Post-Zionists cultivate the stereotype of the colonialist Zionist immigrant by comparing the settling farmer in Rosh Pina or the pioneer in Deganya to the Dutch settlers in the Netherland’s Indies (now Indonesia) or the French “Colons” in Algeria. Similarly, they make up similarities between the Jewish settlement in the Land of Israel and the Boers in South Africa. They equate the acquisition by the United States of Louisiana from France in 1803 and Alaska from Russia in 1867 with the purchase of Arabs’ tracts of land by the Jewish National Fund. Similarly, they compare the attitude of the Jews to the Arab tenants that tilled these tracts with the Americans’ handling of Hispanic settlers in Texas.15

“Political Zionism,” Jerusalem sociologist Baruch Kimmerling asserted, “emerged and consolidated on the threshold of the colonial period in Europe, when the right of Europeans to settle in every non-European country was taken for granted.”16 One should not be an expert on colonial history to know that the colonial era in European history had begun much earlier, in the 16th century. Zionism emerged toward the end of this era and not on its threshold, and West European colonialism had been preceded and paralleled by other colonialisms—Arab, Chinese, Turk and Russian. The resemblance of the transactions of Louisiana and Alaska to the land purchases of the JNF is dubious. Many problems would have been saved or solved if the Zionist movement had the means to buy the Land of Israel in a few steps as the United States did in the 19th century, and had Britain and other powers really supported Zionism in the manner that Kimmerling and others ascribe to them. Precisely the slow pace of the Zionist enterprise’s development, because of the need to purchase the land and the scarcity of resources, testify to the non-colonial character of the movement.

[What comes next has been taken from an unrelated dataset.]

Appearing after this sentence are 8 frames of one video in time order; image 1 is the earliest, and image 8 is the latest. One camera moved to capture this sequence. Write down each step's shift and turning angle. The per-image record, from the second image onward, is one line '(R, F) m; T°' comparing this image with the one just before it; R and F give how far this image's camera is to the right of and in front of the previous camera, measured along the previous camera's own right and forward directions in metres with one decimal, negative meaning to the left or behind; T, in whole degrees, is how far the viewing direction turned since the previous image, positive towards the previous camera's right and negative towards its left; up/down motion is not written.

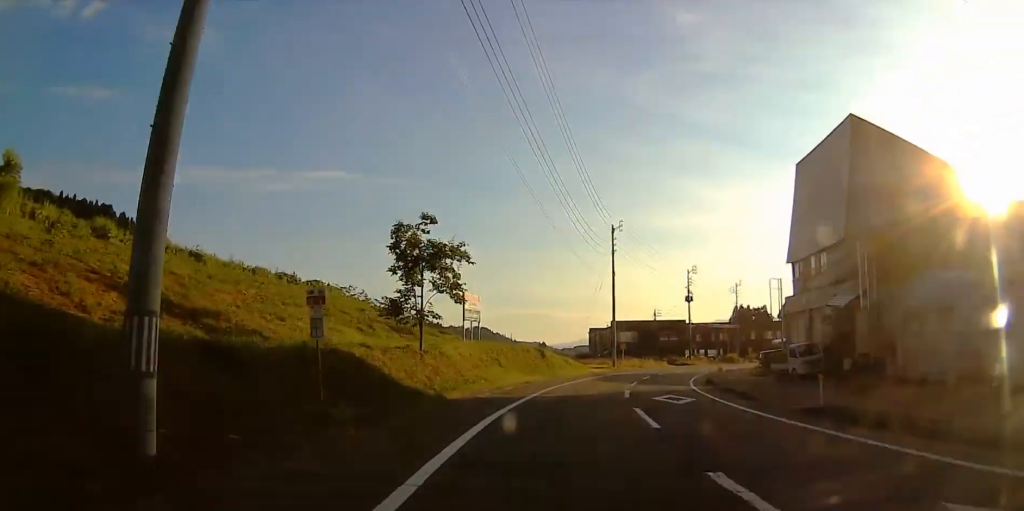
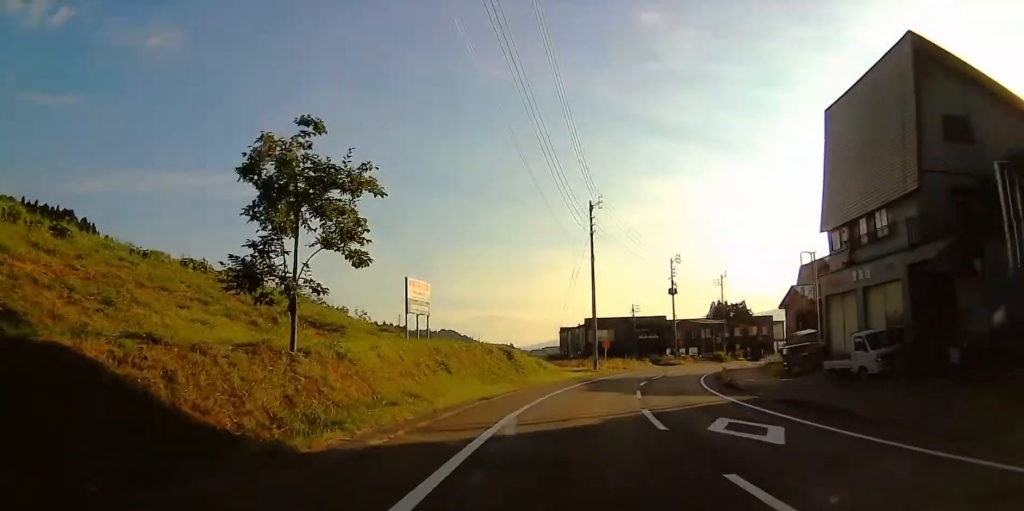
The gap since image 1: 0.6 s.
(-0.2, +9.6) m; -3°
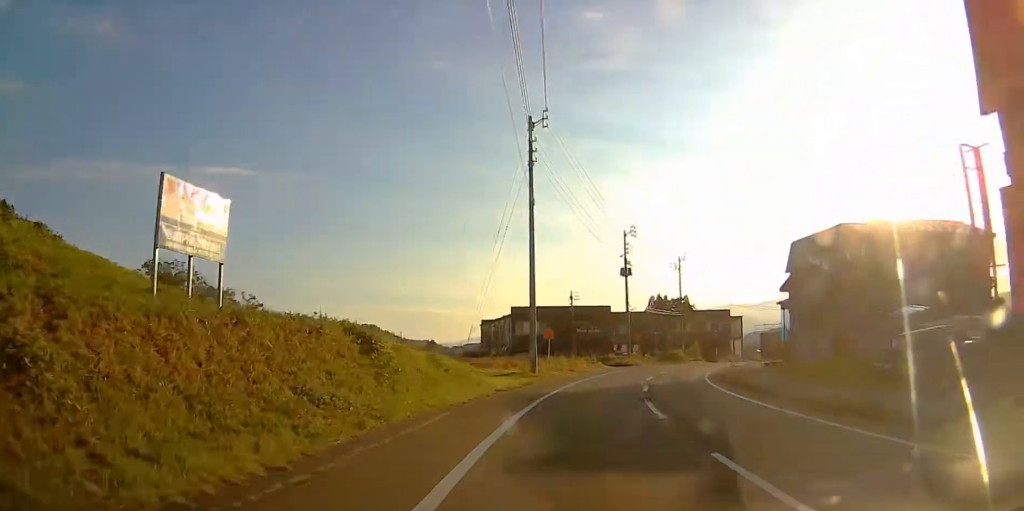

For others, the comparison with the United States is redundant. In their eyes, Zionism is an occupying force in the manner of the Spanish Conquistadors in Latin America. Pappé compares Zionism to Christian missionary activities in West Africa and to previous attempts by Christians to settle in Palestine and expel the Arabs from the country (i.e. the crusades). He finds an “astonishing similarity” between the hidden hopes of Henri Gerren, the traveler and explorer of Palestine, and those of the Zionist leader Menachem Ussishkin: Gerren strove to renew the crusaders’ Kingdom of Jerusalem and Ussishkin aspired to revive the kingdom of David and Solomon!

Drawing on odd and unverifiable sources, Pappé further asserts that Zionist settlement in the Land of Israel strove from the beginning to dispossess the Arabs. He brings a dubious quotation of the Rabbi of Memel (then a free German town in Lithuania), a “well-known” Zionist leader by the name of Itzhak Rielf, who, according to Pappé, called in 1883 (14 years before the establishment of the Zionist organization!) to expel the Arabs from the country. His second authority is Ussishkin’s alleged ambition to purchase the bulk of the land of Palestine (as if he had the means to do it). The most “convincing” is his third authority: the Palestinian historian Nur Massalha, who collected quotations that in his view testify to Zionist intentions to dispossess and expel the Palestinian Arabs.17

A more serious endeavor to offer grounds for the formula Zionism equals colonialism was done by Amnon Raz-Krakotzkin in his Ph.D. dissertation that deals with Zionist historiography of the Middle Ages and its contribution to Zionist colonialism through the negation of the Diaspora. He argued that every historiographic project in the Land of Israel after the Balfour Declaration and the First World War aimed to distance the Arabs from the history of the land and portray it as a Jewish country either because of continuous Jewish presence in the country or because of the Jews’ continuous affiliation, longings, and pilgrimages.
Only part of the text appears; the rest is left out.